Image registration is the process of determining the correspondence of features between images collected at different times or using different imaging modalities. A wide range of registration algorithms was proposed in literature for solving this task. In this chapter the focus will be on oncology applications, where registration is the prior step of: i) subtraction imaging (to emphasize hyper (or hypo) enhanced structures), ii) fusion imaging (to integrate anatomical and functional information about lesions) and iii) serial imaging comparison (to monitor the progression/regression of a disease). These applications are of great relevance in tumors diagnosis, staging and treatment planning. The goal of this chapter is to provide an overview of registration algorithms considering these different applications in oncology. We discuss the advantages/disadvantages of each algorithm, the results gained and the possible future developments to comply with new requirements.
The role of imaging in oncology has increased in the last few years, both for identification and staging of the primitive tumors and for re-evaluation of patients during chemotherapy or radiotherapy.
Often, clinical and therapeutic decisions are taken from the comparison of information extracted by images acquired using different modalities (multimodal analysis) or by a single modality at different time instants (multitemporal analysis).
Typical examples are the integration of anatomical information of CT and functional information of PET, the analysis of contrast-enhanced images for identification and characterization of lesions or the comparison of images acquired at different stages of a treatment (chemotherapy or radiotherapy).
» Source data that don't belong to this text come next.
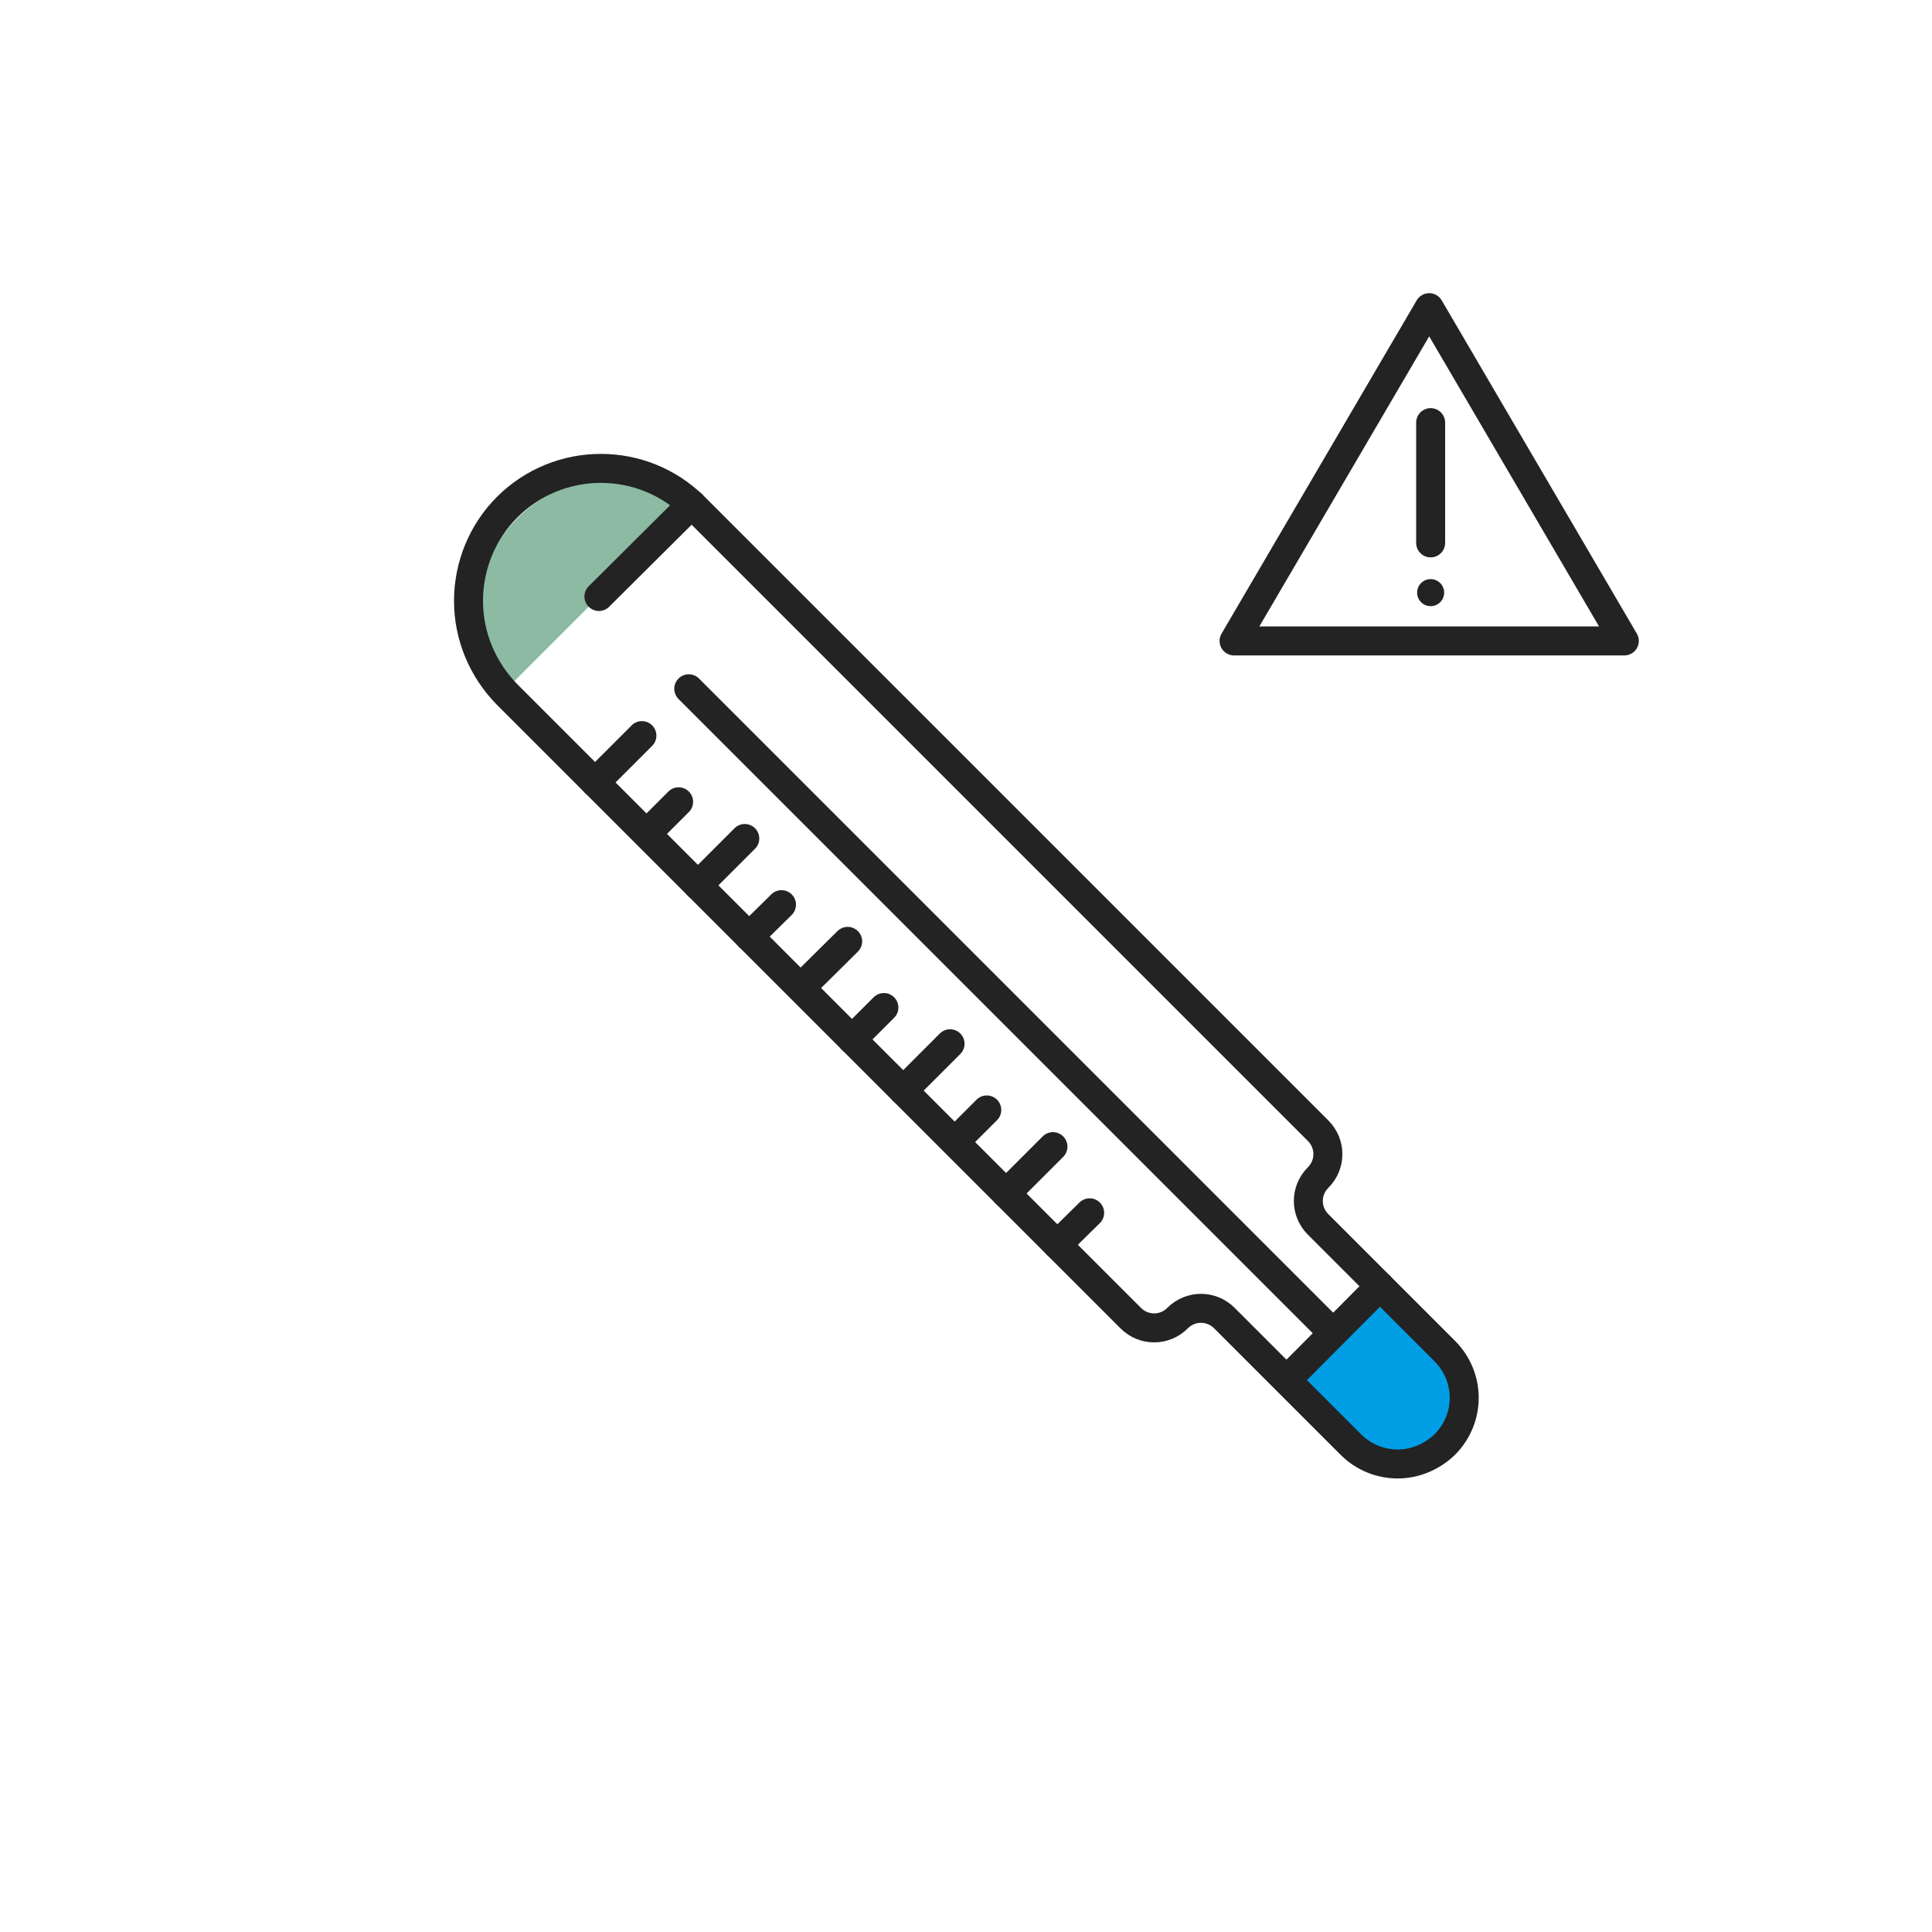 <?xml version="1.0" encoding="utf-8"?>
<!-- Generator: Adobe Illustrator 21.0.2, SVG Export Plug-In . SVG Version: 6.00 Build 0)  -->
<svg version="1.1" id="Layer_1" xmlns="http://www.w3.org/2000/svg" xmlns:xlink="http://www.w3.org/1999/xlink" x="0px" y="0px"
	 width="400px" height="400px" viewBox="0 0 400 400" style="enable-background:new 0 0 400 400;" xml:space="preserve">
<style type="text/css">
	.st0{fill:#009EE5;}
	.st1{fill:#8CBAA3;}
	.st2{fill:#009EE5;stroke:#232323;stroke-width:6;stroke-linecap:round;stroke-linejoin:round;stroke-miterlimit:10;}
	.st3{fill:none;stroke:#232323;stroke-width:6;stroke-linecap:round;stroke-linejoin:round;stroke-miterlimit:10;}
	.st4{fill:none;stroke:#009EE5;stroke-width:6;stroke-linecap:round;stroke-linejoin:round;stroke-miterlimit:10;}
	.st5{fill:#8CBAA3;stroke:#1E1E1E;stroke-width:6;stroke-linecap:round;stroke-linejoin:round;stroke-miterlimit:10;}
	.st6{fill:none;stroke:#1E1E1E;stroke-width:6;stroke-linecap:round;stroke-linejoin:round;stroke-miterlimit:10;}
	.st7{fill:none;stroke:#8CBAA3;stroke-width:6;stroke-linecap:round;stroke-linejoin:round;stroke-miterlimit:10;}
	.st8{fill:none;stroke:#8AB9A1;stroke-width:6;stroke-linecap:round;stroke-linejoin:round;stroke-miterlimit:10;}
	.st9{fill:#FFFFFF;stroke:#232323;stroke-width:6;stroke-linecap:round;stroke-linejoin:round;stroke-miterlimit:10;}
	.st10{fill:#FFFFFF;}
	.st11{fill:#009EE5;stroke:#1E1E1E;stroke-width:6;stroke-linecap:round;stroke-linejoin:round;stroke-miterlimit:10;}
	.st12{fill:none;stroke:#A7A5A6;stroke-width:6;stroke-linecap:round;stroke-linejoin:round;stroke-miterlimit:10;}
	.st13{fill:none;stroke:#FFFFFF;stroke-width:6;stroke-linecap:round;stroke-linejoin:round;stroke-miterlimit:10;}
	.st14{fill:none;stroke:#231F20;stroke-width:6;stroke-linecap:round;stroke-linejoin:round;stroke-miterlimit:10;}
	.st15{fill:#FFFFFF;stroke:#1E1E1E;stroke-width:6;stroke-linecap:round;stroke-linejoin:round;stroke-miterlimit:10;}
	.st16{fill:none;stroke:#B2D1C2;stroke-width:6;stroke-linecap:round;stroke-linejoin:round;stroke-miterlimit:10;}
	.st17{fill:#231F20;stroke:#231F20;stroke-width:1.5;stroke-miterlimit:10;}
	.st18{fill:none;stroke:#1E1E1E;stroke-width:5.932;stroke-linecap:round;stroke-linejoin:round;stroke-miterlimit:10;}
	.st19{opacity:0.5;}
	.st20{fill:#87B79F;stroke:#1E1E1E;stroke-width:6;stroke-linecap:round;stroke-linejoin:round;stroke-miterlimit:10;}
	.st21{fill:none;stroke:#232323;stroke-width:5;stroke-linecap:round;stroke-linejoin:round;stroke-miterlimit:10;}
	.st22{fill:#8CBAA3;stroke:#232323;stroke-width:6;stroke-linecap:round;stroke-linejoin:round;stroke-miterlimit:10;}
	.st23{fill:#009EE5;stroke:#1F191A;stroke-width:6;stroke-linecap:round;stroke-linejoin:round;stroke-miterlimit:10;}
	.st24{fill:none;stroke:#1F191A;stroke-width:6;stroke-linecap:round;stroke-linejoin:round;stroke-miterlimit:10;}
	.st25{fill:#232323;}
	.st26{fill:#232323;stroke:#232323;stroke-width:2;stroke-miterlimit:10;}
</style>
<path class="st1" d="M99,127c0-7.5,2.9-14.5,8.2-19.8c9.8-9.8,25.1-10.8,36.1-3l-39.1,39.1C100.9,138.6,99,133,99,127z"/>
<path class="st0" d="M299.1,299c-5.3,5.3-13.8,5.5-18.9,0.4l-13.8-13.8l19.4-19.4l13.8,13.8C304.6,285.2,304.4,293.7,299.1,299z"/>
<path class="st3" d="M299.1,299.1c5.4-5.4,5.4-14,0-19.4l-26.2-26.2c-2.7-2.7-2.7-7,0-9.7c2.7-2.7,2.7-7,0-9.7L143.8,105
	c-10.7-10.7-28.1-10.7-38.8,0c-5.1,5.1-8,12.1-8,19.4c0,7.3,2.9,14.2,8,19.4l129.1,129.1c2.7,2.7,7,2.7,9.7,0c2.7-2.7,7-2.7,9.7,0
	l26.2,26.2c2.6,2.6,6.1,4,9.7,4C293,303.1,296.5,301.6,299.1,299.1z"/>
<line class="st3" x1="266.4" y1="285.7" x2="285.7" y2="266.3"/>
<line class="st3" x1="276" y1="276" x2="142.6" y2="142.6"/>
<line class="st3" x1="123.2" y1="162" x2="132.9" y2="152.3"/>
<line class="st3" x1="133.9" y1="172.6" x2="140.5" y2="166"/>
<line class="st3" x1="144.5" y1="183.3" x2="154.2" y2="173.6"/>
<line class="st3" x1="155.1" y1="193.9" x2="161.8" y2="187.3"/>
<line class="st3" x1="165.8" y1="204.5" x2="175.5" y2="194.9"/>
<line class="st3" x1="176.4" y1="215.2" x2="183" y2="208.6"/>
<line class="st3" x1="187" y1="225.8" x2="196.7" y2="216.1"/>
<line class="st3" x1="197.7" y1="236.4" x2="204.3" y2="229.8"/>
<line class="st3" x1="208.3" y1="247.1" x2="218" y2="237.4"/>
<line class="st3" x1="218.9" y1="257.7" x2="225.6" y2="251.1"/>
<line class="st3" x1="124" y1="123.5" x2="143.2" y2="104.4"/>
<polygon class="st3" points="295.9,63.7 255.5,132.7 336.3,132.7 "/>
<line class="st3" x1="296.2" y1="87.5" x2="296.2" y2="112.4"/>
<circle class="st25" cx="296.2" cy="122.7" r="2.8"/>
</svg>

For many of these tasks, image registration is a crucial step to recover the geometric relationship between corresponding points in multiple images of the same scene (Figure 1) which allows a direct, immediate point-to-point analysis.
Registration of one image (A) to the coordinate system of another image (B) by a transformation, T: (x,y,z) ↦ (x’, y’, z’)
Literature provides a wide range of articles and reviews treating the problem of image registration in biomedical applications (Maintz, 1998; Fitzpatrick, 2000; Zitova, 2003), some of them dedicated to a particular organ like heart (Makela, 2002) and brain (Toga, 2001; Thompson, 2000) or to a particular imaging modality like nuclear medicine (Hutton, 2002) or digital angiography (Meijering, 1998).
The goal of this chapter is to provide an overview of registration algorithms for applications in oncology and in particular for the diagnosis, staging and monitoring of tumors.
The chapter is organized as follows: after a brief recall of general concepts about image registration techniques, we will introduce three applications of registration procedure in oncology (image subtraction, image fusion and serial imaging comparison) and we will describe the registration algorithms that better suit with each particular task. In addition, we will discuss open issues and future trends of this topic.Top
Registration can be achieved by different methods that take into account different aspects. Maintz (1998) has suggested a nine dimensionality scheme to classify registration methods that Fitzpatrick (2000) has condensed in eight. For our purposes, the most useful classifications are with respect to (1) registration basis (i.e. the aspect/feature used to achieve the registration) and (2) geometrical transformation.